DATASET RECORDS section start

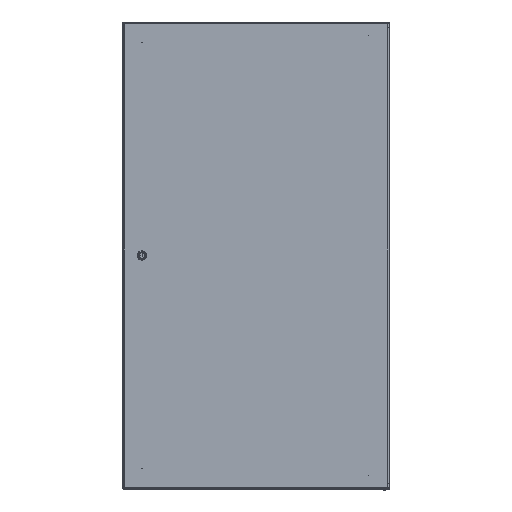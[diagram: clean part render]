
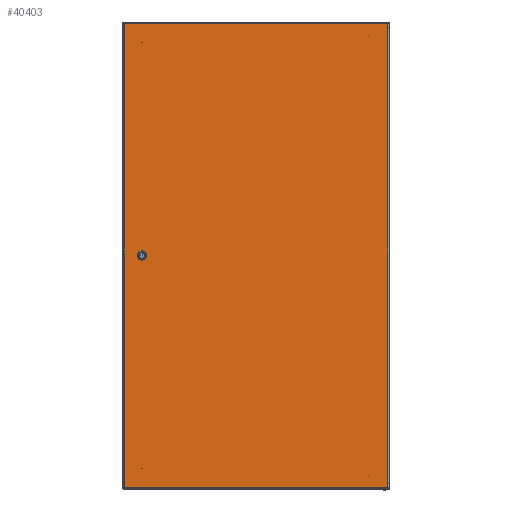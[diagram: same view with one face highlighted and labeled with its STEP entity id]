
A CAD part, top view. The second image highlights one B-rep face of the part: STEP entity #40403.
In plain terms, the highlighted face is planar.
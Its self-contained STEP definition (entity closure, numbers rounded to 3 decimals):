
#339 = EDGE_CURVE ( 'NONE', #10242, #10881, #79143, .T. ) ;
#997 = VECTOR ( 'NONE', #87620, 1000. ) ;
#2133 = FACE_OUTER_BOUND ( 'NONE', #49677, .T. ) ;
#3467 = LINE ( 'NONE', #10351, #71811 ) ;
#3683 = DIRECTION ( 'NONE',  ( 0., 0., 1. ) ) ;
#3895 = DIRECTION ( 'NONE',  ( 1., 0., 0. ) ) ;
#4560 = CARTESIAN_POINT ( 'NONE',  ( 3492.5, -695.4, -1.4 ) ) ;
#4698 = CIRCLE ( 'NONE', #66294, 11.25 ) ;
#6372 = CARTESIAN_POINT ( 'NONE',  ( -394.4, -695.4, -1.4 ) ) ;
#8497 = CARTESIAN_POINT ( 'NONE',  ( 347.137, -10.25, -1.4 ) ) ;
#8782 = CARTESIAN_POINT ( 'NONE',  ( 332.25, -4.637, -1.4 ) ) ;
#9819 = DIRECTION ( 'NONE',  ( 1., 0., 0. ) ) ;
#10083 = DIRECTION ( 'NONE',  ( -1., 0., 0. ) ) ;
#10242 = VERTEX_POINT ( 'NONE', #74273 ) ;
#10351 = CARTESIAN_POINT ( 'NONE',  ( 352.75, 4.637, -1.4 ) ) ;
#10881 = VERTEX_POINT ( 'NONE', #8497 ) ;
#13446 = EDGE_CURVE ( 'NONE', #31683, #30580, #75780, .T. ) ;
#13641 = CARTESIAN_POINT ( 'NONE',  ( 352.75, 4.637, -1.4 ) ) ;
#13983 = EDGE_CURVE ( 'NONE', #90546, #27394, #28808, .T. ) ;
#14617 = CARTESIAN_POINT ( 'NONE',  ( 347.137, 10.25, -1.4 ) ) ;
#14697 = ORIENTED_EDGE ( 'NONE', *, *, #30642, .T. ) ;
#14999 = VERTEX_POINT ( 'NONE', #6372 ) ;
#16507 = CARTESIAN_POINT ( 'NONE',  ( 394.4, 4191., -1.4 ) ) ;
#17422 = LINE ( 'NONE', #4560, #61077 ) ;
#23657 = PLANE ( 'NONE',  #53114 ) ;
#23896 = AXIS2_PLACEMENT_3D ( 'NONE', #54028, #61835, #60463 ) ;
#25318 = CARTESIAN_POINT ( 'NONE',  ( -394.4, 695.4, -1.4 ) ) ;
#25495 = CIRCLE ( 'NONE', #76815, 11.25 ) ;
#26855 = EDGE_CURVE ( 'NONE', #86997, #90546, #25495, .T. ) ;
#27394 = VERTEX_POINT ( 'NONE', #82838 ) ;
#27480 = CARTESIAN_POINT ( 'NONE',  ( -394.4, 4191., -1.4 ) ) ;
#27661 = ORIENTED_EDGE ( 'NONE', *, *, #339, .T. ) ;
#27703 = ORIENTED_EDGE ( 'NONE', *, *, #26855, .T. ) ;
#28293 = CARTESIAN_POINT ( 'NONE',  ( 342.5, 0., -1.4 ) ) ;
#28808 = LINE ( 'NONE', #14617, #79037 ) ;
#29087 = VECTOR ( 'NONE', #40376, 1000. ) ;
#30580 = VERTEX_POINT ( 'NONE', #8782 ) ;
#30642 = EDGE_CURVE ( 'NONE', #10881, #40809, #4698, .T. ) ;
#31683 = VERTEX_POINT ( 'NONE', #64258 ) ;
#33522 = CARTESIAN_POINT ( 'NONE',  ( 332.25, 4.637, -1.4 ) ) ;
#33562 = EDGE_CURVE ( 'NONE', #87021, #59353, #77565, .T. ) ;
#33869 = CARTESIAN_POINT ( 'NONE',  ( 347.137, 10.25, -1.4 ) ) ;
#35595 = VECTOR ( 'NONE', #42671, 1000. ) ;
#35634 = CARTESIAN_POINT ( 'NONE',  ( 394.4, 695.4, -1.4 ) ) ;
#36147 = ORIENTED_EDGE ( 'NONE', *, *, #89171, .T. ) ;
#38049 = DIRECTION ( 'NONE',  ( -1., 0., 0. ) ) ;
#39782 = DIRECTION ( 'NONE',  ( 1., 0., 0. ) ) ;
#40086 = EDGE_LOOP ( 'NONE', ( #53062, #40271, #69321, #27661, #14697, #46936, #27703, #80937 ) ) ;
#40271 = ORIENTED_EDGE ( 'NONE', *, *, #13446, .T. ) ;
#40376 = DIRECTION ( 'NONE',  ( 0., -1., 0. ) ) ;
#40403 = ADVANCED_FACE ( 'NONE', ( #2133, #86542 ), #23657, .F. ) ;
#40809 = VERTEX_POINT ( 'NONE', #79423 ) ;
#41245 = EDGE_CURVE ( 'NONE', #27394, #31683, #61986, .T. ) ;
#41721 = LINE ( 'NONE', #27480, #29087 ) ;
#42671 = DIRECTION ( 'NONE',  ( -1., 0., 0. ) ) ;
#43401 = CIRCLE ( 'NONE', #85975, 11.25 ) ;
#44978 = DIRECTION ( 'NONE',  ( 1., 0., 0. ) ) ;
#45227 = CARTESIAN_POINT ( 'NONE',  ( 394.4, -695.4, -1.4 ) ) ;
#45259 = ORIENTED_EDGE ( 'NONE', *, *, #73536, .T. ) ;
#45320 = VECTOR ( 'NONE', #67980, 1000. ) ;
#45662 = DIRECTION ( 'NONE',  ( 0., 1., 0. ) ) ;
#46936 = ORIENTED_EDGE ( 'NONE', *, *, #78955, .T. ) ;
#49677 = EDGE_LOOP ( 'NONE', ( #56457, #54503, #36147, #45259 ) ) ;
#52456 = VERTEX_POINT ( 'NONE', #45227 ) ;
#53062 = ORIENTED_EDGE ( 'NONE', *, *, #41245, .T. ) ;
#53114 = AXIS2_PLACEMENT_3D ( 'NONE', #79637, #67225, #3895 ) ;
#54028 = CARTESIAN_POINT ( 'NONE',  ( 342.5, 0., -1.4 ) ) ;
#54503 = ORIENTED_EDGE ( 'NONE', *, *, #33562, .F. ) ;
#54810 = VECTOR ( 'NONE', #9819, 1000. ) ;
#55414 = DIRECTION ( 'NONE',  ( 1., 0., 0. ) ) ;
#56457 = ORIENTED_EDGE ( 'NONE', *, *, #61592, .F. ) ;
#56463 = CARTESIAN_POINT ( 'NONE',  ( 3492.5, 695.4, -1.4 ) ) ;
#59353 = VERTEX_POINT ( 'NONE', #25318 ) ;
#60463 = DIRECTION ( 'NONE',  ( 1., 0., 0. ) ) ;
#61077 = VECTOR ( 'NONE', #10083, 1000. ) ;
#61411 = DIRECTION ( 'NONE',  ( 0., 0., 1. ) ) ;
#61592 = EDGE_CURVE ( 'NONE', #59353, #14999, #41721, .T. ) ;
#61835 = DIRECTION ( 'NONE',  ( 0., 0., 1. ) ) ;
#61986 = CIRCLE ( 'NONE', #23896, 11.25 ) ;
#64258 = CARTESIAN_POINT ( 'NONE',  ( 332.25, 4.637, -1.4 ) ) ;
#66294 = AXIS2_PLACEMENT_3D ( 'NONE', #80330, #3683, #44978 ) ;
#67225 = DIRECTION ( 'NONE',  ( 0., 0., 1. ) ) ;
#67980 = DIRECTION ( 'NONE',  ( 0., -1., 0. ) ) ;
#69321 = ORIENTED_EDGE ( 'NONE', *, *, #86969, .T. ) ;
#69621 = DIRECTION ( 'NONE',  ( 0., 0., 1. ) ) ;
#71811 = VECTOR ( 'NONE', #45662, 1000. ) ;
#72715 = CARTESIAN_POINT ( 'NONE',  ( 347.137, -10.25, -1.4 ) ) ;
#73536 = EDGE_CURVE ( 'NONE', #52456, #14999, #17422, .T. ) ;
#74273 = CARTESIAN_POINT ( 'NONE',  ( 337.863, -10.25, -1.4 ) ) ;
#75780 = LINE ( 'NONE', #33522, #45320 ) ;
#76815 = AXIS2_PLACEMENT_3D ( 'NONE', #82954, #69621, #39782 ) ;
#77565 = LINE ( 'NONE', #56463, #35595 ) ;
#78955 = EDGE_CURVE ( 'NONE', #40809, #86997, #3467, .T. ) ;
#79037 = VECTOR ( 'NONE', #38049, 1000. ) ;
#79143 = LINE ( 'NONE', #72715, #54810 ) ;
#79387 = LINE ( 'NONE', #16507, #997 ) ;
#79423 = CARTESIAN_POINT ( 'NONE',  ( 352.75, -4.637, -1.4 ) ) ;
#79637 = CARTESIAN_POINT ( 'NONE',  ( 0., 0., -1.4 ) ) ;
#80330 = CARTESIAN_POINT ( 'NONE',  ( 342.5, 0., -1.4 ) ) ;
#80937 = ORIENTED_EDGE ( 'NONE', *, *, #13983, .T. ) ;
#82838 = CARTESIAN_POINT ( 'NONE',  ( 337.863, 10.25, -1.4 ) ) ;
#82954 = CARTESIAN_POINT ( 'NONE',  ( 342.5, 0., -1.4 ) ) ;
#85975 = AXIS2_PLACEMENT_3D ( 'NONE', #28293, #61411, #55414 ) ;
#86542 = FACE_BOUND ( 'NONE', #40086, .T. ) ;
#86969 = EDGE_CURVE ( 'NONE', #30580, #10242, #43401, .T. ) ;
#86997 = VERTEX_POINT ( 'NONE', #13641 ) ;
#87021 = VERTEX_POINT ( 'NONE', #35634 ) ;
#87620 = DIRECTION ( 'NONE',  ( 0., -1., 0. ) ) ;
#89171 = EDGE_CURVE ( 'NONE', #87021, #52456, #79387, .T. ) ;
#90546 = VERTEX_POINT ( 'NONE', #33869 ) ;

DATASET RECORDS section end

§ **PROBLEM TO WORK ON**: Using the entries above, return exactly the lines from the line with "#30642 = EDGE_CURVE" to the line with "#56463 = CARTESIAN_POINT", counting both of those lines.

§ **ANSWER SECTION**:
#30642 = EDGE_CURVE ( 'NONE', #10881, #40809, #4698, .T. ) ;
#31683 = VERTEX_POINT ( 'NONE', #64258 ) ;
#33522 = CARTESIAN_POINT ( 'NONE',  ( 332.25, 4.637, -1.4 ) ) ;
#33562 = EDGE_CURVE ( 'NONE', #87021, #59353, #77565, .T. ) ;
#33869 = CARTESIAN_POINT ( 'NONE',  ( 347.137, 10.25, -1.4 ) ) ;
#35595 = VECTOR ( 'NONE', #42671, 1000. ) ;
#35634 = CARTESIAN_POINT ( 'NONE',  ( 394.4, 695.4, -1.4 ) ) ;
#36147 = ORIENTED_EDGE ( 'NONE', *, *, #89171, .T. ) ;
#38049 = DIRECTION ( 'NONE',  ( -1., 0., 0. ) ) ;
#39782 = DIRECTION ( 'NONE',  ( 1., 0., 0. ) ) ;
#40086 = EDGE_LOOP ( 'NONE', ( #53062, #40271, #69321, #27661, #14697, #46936, #27703, #80937 ) ) ;
#40271 = ORIENTED_EDGE ( 'NONE', *, *, #13446, .T. ) ;
#40376 = DIRECTION ( 'NONE',  ( 0., -1., 0. ) ) ;
#40403 = ADVANCED_FACE ( 'NONE', ( #2133, #86542 ), #23657, .F. ) ;
#40809 = VERTEX_POINT ( 'NONE', #79423 ) ;
#41245 = EDGE_CURVE ( 'NONE', #27394, #31683, #61986, .T. ) ;
#41721 = LINE ( 'NONE', #27480, #29087 ) ;
#42671 = DIRECTION ( 'NONE',  ( -1., 0., 0. ) ) ;
#43401 = CIRCLE ( 'NONE', #85975, 11.25 ) ;
#44978 = DIRECTION ( 'NONE',  ( 1., 0., 0. ) ) ;
#45227 = CARTESIAN_POINT ( 'NONE',  ( 394.4, -695.4, -1.4 ) ) ;
#45259 = ORIENTED_EDGE ( 'NONE', *, *, #73536, .T. ) ;
#45320 = VECTOR ( 'NONE', #67980, 1000. ) ;
#45662 = DIRECTION ( 'NONE',  ( 0., 1., 0. ) ) ;
#46936 = ORIENTED_EDGE ( 'NONE', *, *, #78955, .T. ) ;
#49677 = EDGE_LOOP ( 'NONE', ( #56457, #54503, #36147, #45259 ) ) ;
#52456 = VERTEX_POINT ( 'NONE', #45227 ) ;
#53062 = ORIENTED_EDGE ( 'NONE', *, *, #41245, .T. ) ;
#53114 = AXIS2_PLACEMENT_3D ( 'NONE', #79637, #67225, #3895 ) ;
#54028 = CARTESIAN_POINT ( 'NONE',  ( 342.5, 0., -1.4 ) ) ;
#54503 = ORIENTED_EDGE ( 'NONE', *, *, #33562, .F. ) ;
#54810 = VECTOR ( 'NONE', #9819, 1000. ) ;
#55414 = DIRECTION ( 'NONE',  ( 1., 0., 0. ) ) ;
#56457 = ORIENTED_EDGE ( 'NONE', *, *, #61592, .F. ) ;
#56463 = CARTESIAN_POINT ( 'NONE',  ( 3492.5, 695.4, -1.4 ) ) ;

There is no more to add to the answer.